Business Post Group plc, the leading parcel and mail delivery group, provides the following pre-close update for the six months to 30 September 2006.
Trading in the first half of the current financial year has been satisfactory with Group revenue up 15% to GBP153m. Progress continues to be made with the performance improvement initiatives previously announced.

Revenues in Parcel Services, (comprising the Group’s overnight business-to-business, business-to-consumer, and cross-border parcel delivery activities) were down 3.4% to GBP94m. We continue to make progress with our initiatives to strengthen this business, with a focus on further improving our customer service and improving our operational efficiency. Parcels volumes are now showing growth and our customer service levels we believe remain amongst the highest in our industry.

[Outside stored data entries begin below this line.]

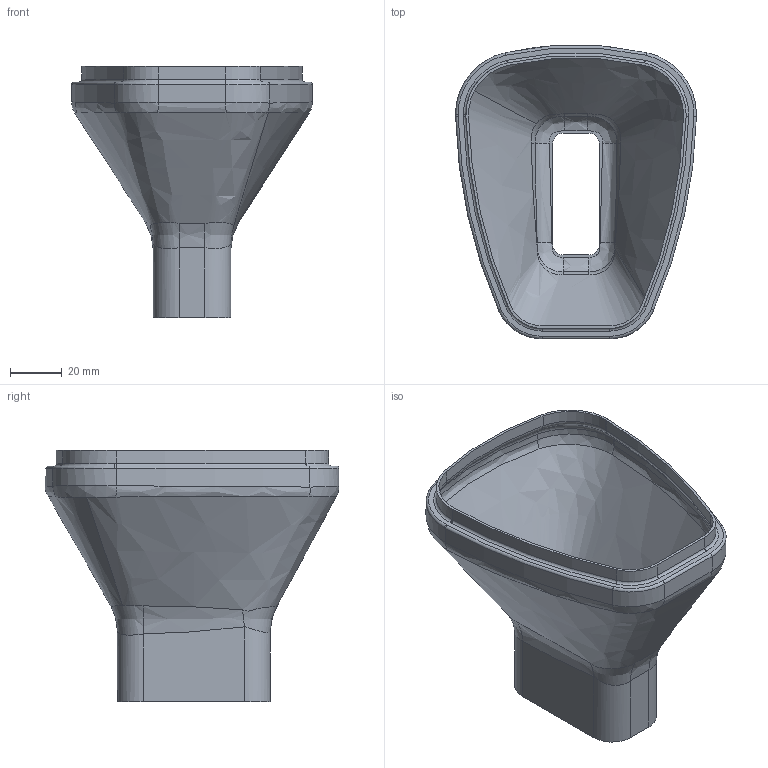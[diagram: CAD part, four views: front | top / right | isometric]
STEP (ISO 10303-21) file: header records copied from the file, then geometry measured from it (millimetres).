
FILE_DESCRIPTION (( 'STEP AP203' ), '1' );
FILE_NAME ('Adapter rev.3.STEP', '2020-03-20T11:27:58', ( '' ), ( '' ), 'SwSTEP 2.0', 'SolidWorks 2018', '' );
FILE_SCHEMA (( 'CONFIG_CONTROL_DESIGN' ));
Length unit declared in the file: millimetre
Products named in the file (1): Adapter rev.3
Bounding box: 93.02 x 113.43 x 96.93 mm (x, y, z)
Volume: 37299.2 mm3; surface area: 51327.8 mm2
Topology: 1 solids, 1 shells, 160 faces, 399 edges, 243 vertices
Faces by surface type: cylinder 52, bspline 44, torus 36, plane 24, cone 4
Entity records: 13953 total; most frequent: CARTESIAN_POINT 10320, ORIENTED_EDGE 798, DIRECTION 703, EDGE_CURVE 399, AXIS2_PLACEMENT_3D 301, VERTEX_POINT 243, CIRCLE 184, EDGE_LOOP 164

We have made further progress in improving the performance of the franchise network. Eight franchises have been brought back into corporate ownership in the period, bringing the total transferred since the beginning of the calendar year to 14. Overall these operations make a significant trading loss. Our plan is to reduce the run-rate of these losses such that they are eliminated by the start of the new financial year. However, as previously advised, these losses will impact our operating profit by some GBP3m for the current financial year, weighted toward the first half. In addition we have incurred some GBP1m of costs on the transfer of franchisees to corporate ownership. These costs will be included within the operating profit.